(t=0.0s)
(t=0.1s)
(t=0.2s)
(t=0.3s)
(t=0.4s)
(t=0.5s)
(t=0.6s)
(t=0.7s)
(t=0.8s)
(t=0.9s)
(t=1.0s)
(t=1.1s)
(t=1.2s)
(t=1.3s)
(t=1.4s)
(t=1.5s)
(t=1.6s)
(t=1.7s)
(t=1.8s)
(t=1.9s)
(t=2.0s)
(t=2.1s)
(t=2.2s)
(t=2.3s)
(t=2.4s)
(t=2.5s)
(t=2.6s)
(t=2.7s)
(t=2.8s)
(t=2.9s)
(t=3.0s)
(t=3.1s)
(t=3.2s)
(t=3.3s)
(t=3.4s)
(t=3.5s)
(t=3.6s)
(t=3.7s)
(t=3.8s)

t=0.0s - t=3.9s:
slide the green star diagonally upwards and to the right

### What to do
Return the material above in full, word for word.

### Exercise solution
(t=0.0s)
(t=0.1s)
(t=0.2s)
(t=0.3s)
(t=0.4s)
(t=0.5s)
(t=0.6s)
(t=0.7s)
(t=0.8s)
(t=0.9s)
(t=1.0s)
(t=1.1s)
(t=1.2s)
(t=1.3s)
(t=1.4s)
(t=1.5s)
(t=1.6s)
(t=1.7s)
(t=1.8s)
(t=1.9s)
(t=2.0s)
(t=2.1s)
(t=2.2s)
(t=2.3s)
(t=2.4s)
(t=2.5s)
(t=2.6s)
(t=2.7s)
(t=2.8s)
(t=2.9s)
(t=3.0s)
(t=3.1s)
(t=3.2s)
(t=3.3s)
(t=3.4s)
(t=3.5s)
(t=3.6s)
(t=3.7s)
(t=3.8s)

t=0.0s - t=3.9s:
slide the green star diagonally upwards and to the right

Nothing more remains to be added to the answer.